A stellar object is emitting radiation at 1670 nm. If the detector is capturing 9 * 10^7 photons per second at this wavelength, what is the total energy of the photons detected in one hour?

1 Answer
Dec 19, 2015

#2.406*10^11 eV#

Explanation:

The formula for finding the energy of a photon is;

#E_gamma=(hc)/lamda#

Where #h# is Planck's constant, #c# is the speed of light in a vacuum, and #lamda# is the wavelength of the photon. The energy of photons is typically expressed in terms of electron volts, #eV#, where #1 "eV" = 1.602*10^-19 "J"# is the amount of energy required to accelerate an electron through one volt.
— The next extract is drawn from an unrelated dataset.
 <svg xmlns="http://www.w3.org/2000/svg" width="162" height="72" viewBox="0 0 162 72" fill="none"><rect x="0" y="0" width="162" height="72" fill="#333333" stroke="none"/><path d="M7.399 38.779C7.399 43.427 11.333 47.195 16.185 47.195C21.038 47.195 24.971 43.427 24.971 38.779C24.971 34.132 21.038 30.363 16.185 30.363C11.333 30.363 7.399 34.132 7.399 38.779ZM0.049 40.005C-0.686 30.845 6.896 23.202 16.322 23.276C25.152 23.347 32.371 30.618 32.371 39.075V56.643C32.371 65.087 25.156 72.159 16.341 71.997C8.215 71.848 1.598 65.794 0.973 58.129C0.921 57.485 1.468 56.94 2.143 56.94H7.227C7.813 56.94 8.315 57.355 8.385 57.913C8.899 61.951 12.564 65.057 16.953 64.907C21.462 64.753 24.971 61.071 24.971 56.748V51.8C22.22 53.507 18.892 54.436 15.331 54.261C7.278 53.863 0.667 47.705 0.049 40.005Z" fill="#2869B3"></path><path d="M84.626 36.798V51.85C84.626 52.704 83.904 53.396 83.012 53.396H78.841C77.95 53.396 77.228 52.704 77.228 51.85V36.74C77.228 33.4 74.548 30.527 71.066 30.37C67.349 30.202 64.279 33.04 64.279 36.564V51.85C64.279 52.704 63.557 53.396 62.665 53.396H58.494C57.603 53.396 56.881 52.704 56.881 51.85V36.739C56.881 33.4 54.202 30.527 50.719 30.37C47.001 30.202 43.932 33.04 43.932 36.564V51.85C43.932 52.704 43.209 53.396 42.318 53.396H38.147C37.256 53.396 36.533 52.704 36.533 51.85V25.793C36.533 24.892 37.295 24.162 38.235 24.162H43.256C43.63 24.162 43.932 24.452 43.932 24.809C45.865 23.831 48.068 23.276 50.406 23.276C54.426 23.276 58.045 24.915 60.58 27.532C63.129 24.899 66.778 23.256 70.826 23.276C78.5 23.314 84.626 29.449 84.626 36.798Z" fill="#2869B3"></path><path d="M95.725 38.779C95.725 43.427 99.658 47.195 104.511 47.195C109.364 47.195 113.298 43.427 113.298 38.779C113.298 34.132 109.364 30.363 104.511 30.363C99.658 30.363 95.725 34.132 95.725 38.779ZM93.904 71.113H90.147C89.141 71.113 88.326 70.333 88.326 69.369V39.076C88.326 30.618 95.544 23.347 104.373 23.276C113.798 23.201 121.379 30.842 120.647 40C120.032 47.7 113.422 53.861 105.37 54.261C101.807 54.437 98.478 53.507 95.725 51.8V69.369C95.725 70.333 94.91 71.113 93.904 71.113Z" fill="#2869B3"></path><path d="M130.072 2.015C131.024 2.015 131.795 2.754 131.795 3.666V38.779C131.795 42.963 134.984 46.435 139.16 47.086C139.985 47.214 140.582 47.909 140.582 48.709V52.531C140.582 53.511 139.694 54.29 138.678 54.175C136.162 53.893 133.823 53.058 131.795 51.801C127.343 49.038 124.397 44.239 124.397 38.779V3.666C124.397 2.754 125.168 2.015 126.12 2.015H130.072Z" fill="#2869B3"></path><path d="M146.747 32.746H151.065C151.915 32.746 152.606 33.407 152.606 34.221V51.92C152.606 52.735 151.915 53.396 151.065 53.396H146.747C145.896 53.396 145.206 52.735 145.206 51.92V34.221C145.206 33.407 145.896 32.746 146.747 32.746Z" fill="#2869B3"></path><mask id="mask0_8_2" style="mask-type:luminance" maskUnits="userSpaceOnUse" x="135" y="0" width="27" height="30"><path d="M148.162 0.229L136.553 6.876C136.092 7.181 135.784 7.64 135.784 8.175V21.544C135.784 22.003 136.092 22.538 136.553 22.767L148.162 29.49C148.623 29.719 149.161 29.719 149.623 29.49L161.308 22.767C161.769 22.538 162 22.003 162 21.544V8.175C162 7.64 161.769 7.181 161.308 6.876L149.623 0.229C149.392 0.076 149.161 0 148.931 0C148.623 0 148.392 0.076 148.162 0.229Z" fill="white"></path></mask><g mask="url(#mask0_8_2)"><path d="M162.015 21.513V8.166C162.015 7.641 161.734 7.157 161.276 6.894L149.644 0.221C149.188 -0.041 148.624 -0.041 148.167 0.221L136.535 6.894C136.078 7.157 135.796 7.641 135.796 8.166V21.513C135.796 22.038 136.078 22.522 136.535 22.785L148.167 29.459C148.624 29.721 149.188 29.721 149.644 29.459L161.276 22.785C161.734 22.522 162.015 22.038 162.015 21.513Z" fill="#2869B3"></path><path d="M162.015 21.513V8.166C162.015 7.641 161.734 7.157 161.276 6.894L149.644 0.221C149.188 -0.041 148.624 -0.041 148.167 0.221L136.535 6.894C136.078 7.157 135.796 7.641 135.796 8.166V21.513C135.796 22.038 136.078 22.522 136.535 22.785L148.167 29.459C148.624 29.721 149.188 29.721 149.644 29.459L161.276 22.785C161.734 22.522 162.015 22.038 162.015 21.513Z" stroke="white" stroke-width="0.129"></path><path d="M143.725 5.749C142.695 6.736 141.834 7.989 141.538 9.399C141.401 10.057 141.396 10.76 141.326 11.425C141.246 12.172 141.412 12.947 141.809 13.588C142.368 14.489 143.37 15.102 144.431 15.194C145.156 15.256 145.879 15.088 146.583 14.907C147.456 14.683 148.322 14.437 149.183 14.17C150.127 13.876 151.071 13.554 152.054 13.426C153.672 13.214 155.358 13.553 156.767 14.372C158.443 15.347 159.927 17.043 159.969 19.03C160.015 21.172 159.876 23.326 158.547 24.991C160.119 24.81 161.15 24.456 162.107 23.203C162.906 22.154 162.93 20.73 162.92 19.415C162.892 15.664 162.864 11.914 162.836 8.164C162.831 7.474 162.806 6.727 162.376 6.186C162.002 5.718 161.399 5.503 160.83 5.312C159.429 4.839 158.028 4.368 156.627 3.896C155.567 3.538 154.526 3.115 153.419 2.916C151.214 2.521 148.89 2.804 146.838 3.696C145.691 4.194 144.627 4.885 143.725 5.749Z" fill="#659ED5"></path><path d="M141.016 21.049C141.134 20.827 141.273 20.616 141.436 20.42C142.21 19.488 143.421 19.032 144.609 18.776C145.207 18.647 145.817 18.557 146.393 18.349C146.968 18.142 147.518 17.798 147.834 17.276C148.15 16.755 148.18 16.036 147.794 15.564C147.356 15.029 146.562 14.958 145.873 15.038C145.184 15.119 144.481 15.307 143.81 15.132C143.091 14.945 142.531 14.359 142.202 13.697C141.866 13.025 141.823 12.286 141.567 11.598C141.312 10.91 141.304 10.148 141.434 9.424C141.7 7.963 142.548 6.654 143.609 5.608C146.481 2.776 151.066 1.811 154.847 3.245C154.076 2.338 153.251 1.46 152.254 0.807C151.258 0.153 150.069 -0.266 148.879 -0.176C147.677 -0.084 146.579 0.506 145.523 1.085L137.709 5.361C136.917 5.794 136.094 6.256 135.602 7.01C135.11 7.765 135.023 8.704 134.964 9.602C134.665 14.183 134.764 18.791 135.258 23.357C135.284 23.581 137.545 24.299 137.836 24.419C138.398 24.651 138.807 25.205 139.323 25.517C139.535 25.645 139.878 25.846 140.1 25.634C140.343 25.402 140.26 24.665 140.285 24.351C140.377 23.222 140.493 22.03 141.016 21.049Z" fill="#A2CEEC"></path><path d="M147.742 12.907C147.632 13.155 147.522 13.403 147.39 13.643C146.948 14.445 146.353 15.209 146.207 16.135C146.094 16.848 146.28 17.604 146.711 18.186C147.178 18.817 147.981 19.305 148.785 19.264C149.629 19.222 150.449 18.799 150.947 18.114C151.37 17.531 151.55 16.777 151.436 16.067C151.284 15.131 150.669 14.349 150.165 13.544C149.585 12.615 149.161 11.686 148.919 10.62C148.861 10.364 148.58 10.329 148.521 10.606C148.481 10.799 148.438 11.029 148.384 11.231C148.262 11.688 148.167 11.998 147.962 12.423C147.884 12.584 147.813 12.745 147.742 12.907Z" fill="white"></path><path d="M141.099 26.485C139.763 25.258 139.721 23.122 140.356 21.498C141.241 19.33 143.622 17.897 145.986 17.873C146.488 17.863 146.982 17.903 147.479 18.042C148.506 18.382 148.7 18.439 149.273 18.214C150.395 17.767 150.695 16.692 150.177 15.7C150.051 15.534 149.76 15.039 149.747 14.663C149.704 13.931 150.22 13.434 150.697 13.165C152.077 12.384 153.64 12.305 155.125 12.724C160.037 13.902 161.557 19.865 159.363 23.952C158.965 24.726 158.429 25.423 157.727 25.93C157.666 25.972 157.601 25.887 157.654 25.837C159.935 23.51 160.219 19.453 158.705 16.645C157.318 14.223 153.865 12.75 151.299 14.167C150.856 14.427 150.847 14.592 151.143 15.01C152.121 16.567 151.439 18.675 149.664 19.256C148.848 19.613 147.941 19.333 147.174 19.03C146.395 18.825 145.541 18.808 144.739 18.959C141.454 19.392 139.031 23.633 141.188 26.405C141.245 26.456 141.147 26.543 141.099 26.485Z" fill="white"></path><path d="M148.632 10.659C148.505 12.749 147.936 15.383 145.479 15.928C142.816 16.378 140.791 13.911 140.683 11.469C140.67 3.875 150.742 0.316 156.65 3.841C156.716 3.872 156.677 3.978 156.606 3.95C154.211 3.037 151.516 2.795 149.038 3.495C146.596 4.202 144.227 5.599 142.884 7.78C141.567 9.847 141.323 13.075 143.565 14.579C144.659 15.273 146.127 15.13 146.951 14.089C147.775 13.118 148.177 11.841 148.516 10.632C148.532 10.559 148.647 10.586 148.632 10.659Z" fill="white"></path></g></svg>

Planck's constant in terms of electron volts is #4.136xx10^-15 "eV s"#, and the speed of light in a vacuum is #2.998 xx 10^8 "m/s"#, so the energy for a single photon is;

#E_gamma = ((4.136 xx 10^-15"eV s")(2.998*10^8 "m/s"))/(1.670 * 10^-6 "m")#

#E_gamma = .7425 "eV"#

We are given the rate, #nu = 9xx10^7 "/s"#, at which photons are received, so the rate at which energy is received can be stated as;

#p = E_gamma*nu#

#p=(.7425 "eV")(9*10^7"/s")#

#p=6.682xx10^7 "eV/s"#

Now we can calculate the total energy received over an hour. There are #3600# seconds in an hour.

#E_T = p* t#

#E_T = (6.682 xx 10^7 "eV/s")(3600 "s")#

#2.406*10^11 eV#

For comparison, this is about 1 billionth of the energy given off by a 100 watt light bulb each second.